BMJ Glob Health 2020 05;5(5)

Clinical Research Institute, American University of Beirut, Beirut, Lebanon

Introduction: Proper strategies to minimise the risk of infection in individuals handling the bodies of deceased persons infected with 2019 novel coronavirus (2019-nCoV) are urgently needed. The objective of this study was to systematically review the literature to scope and assess the effects of specific strategies for the management of the bodies.

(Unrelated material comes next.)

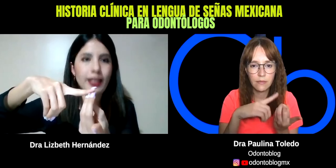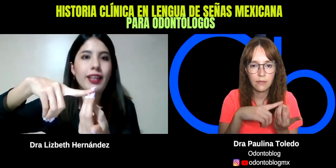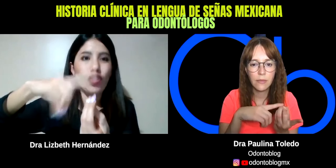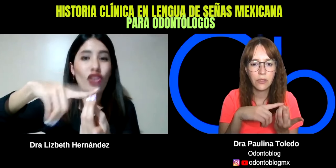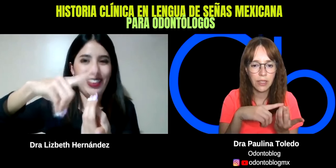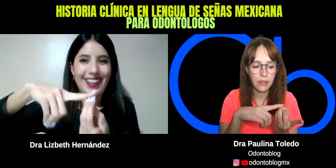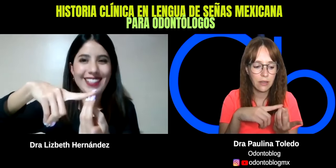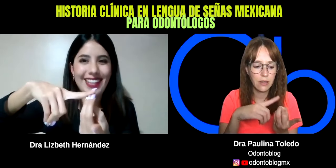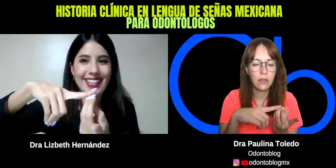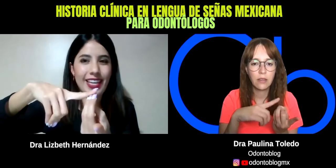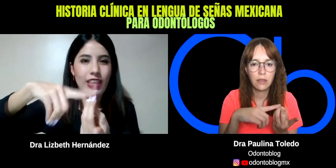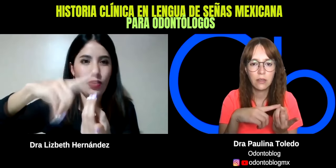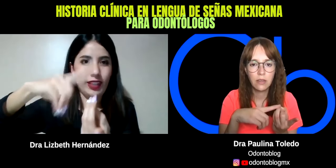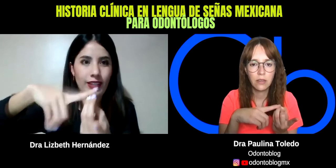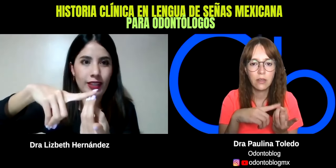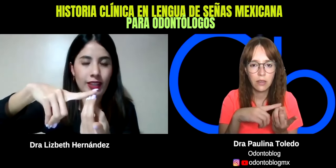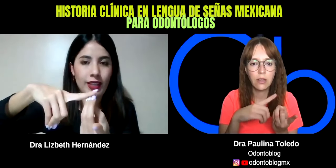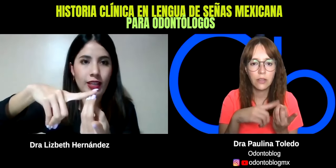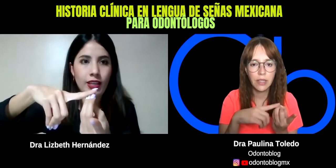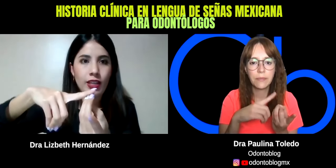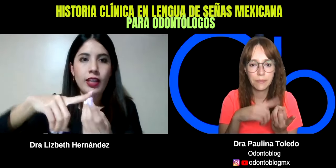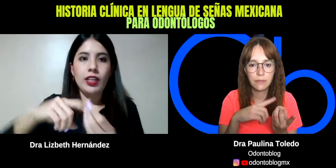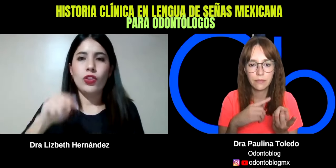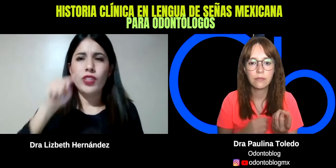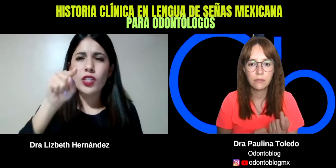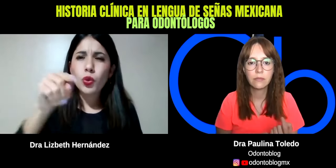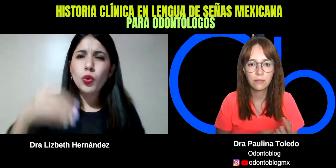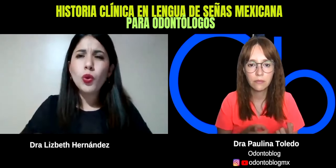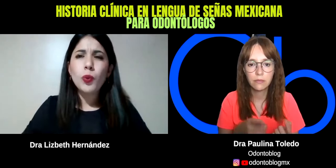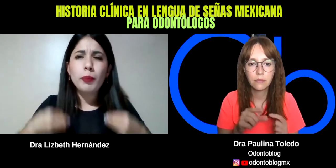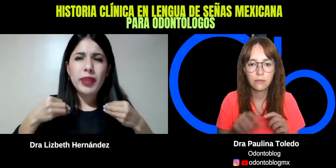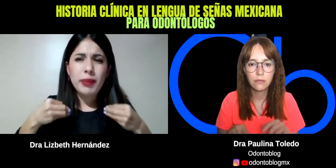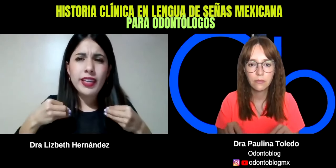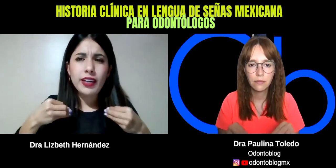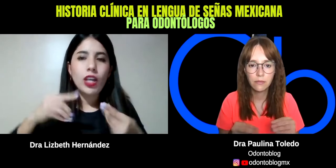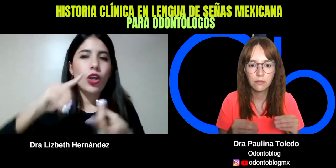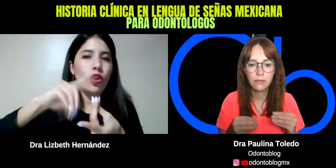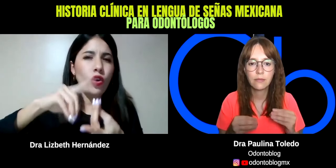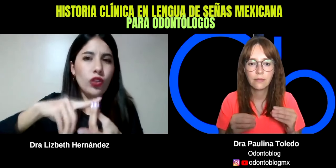¿Dónde? Esa es la seña de dónde. Ok. Entonces, tú, vivir, ¿dónde?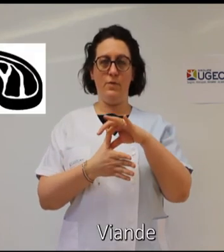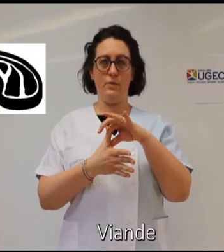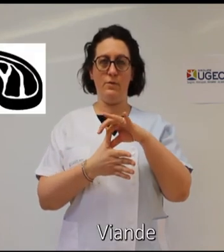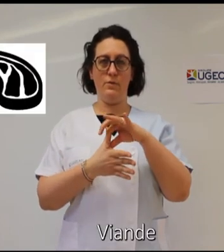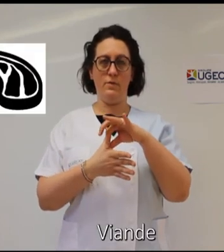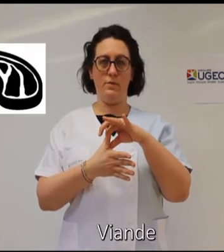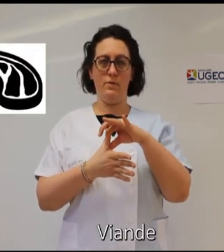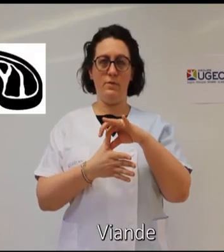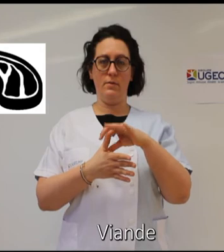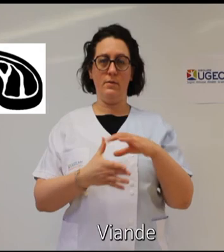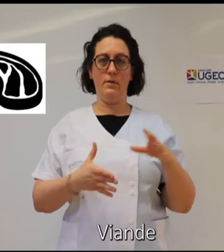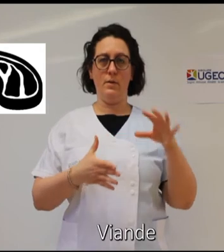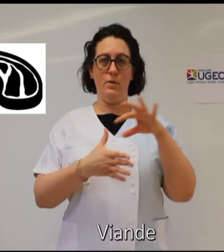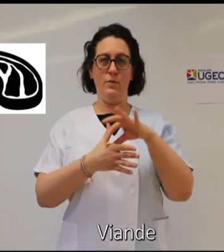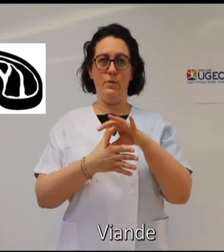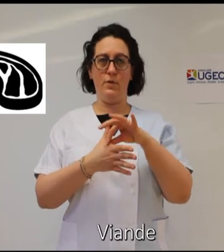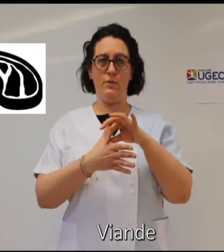viande, viande.

Methods: We searched five general, three Chinese and four coronavirus disease (COVID-19)-specific electronic databases. We searched registries of clinical trials, websites of governmental and other relevant organisations, reference lists of the included papers and relevant systematic reviews, and Epistemonikos for relevant systematic reviews. We included guidance documents providing practical advice on the handling of bodies of deceased persons with suspected or confirmed COVID-19. Then, we sought primary evidence of any study design reporting on the efficacy and safety of the identified strategies in coronaviruses. We included evidence relevant to contextual factors (ie, acceptability). A single reviewer extracted data using a pilot-tested form and graded the certainty of the evidence using the GRADE approach. A second reviewer verified the data and assessments.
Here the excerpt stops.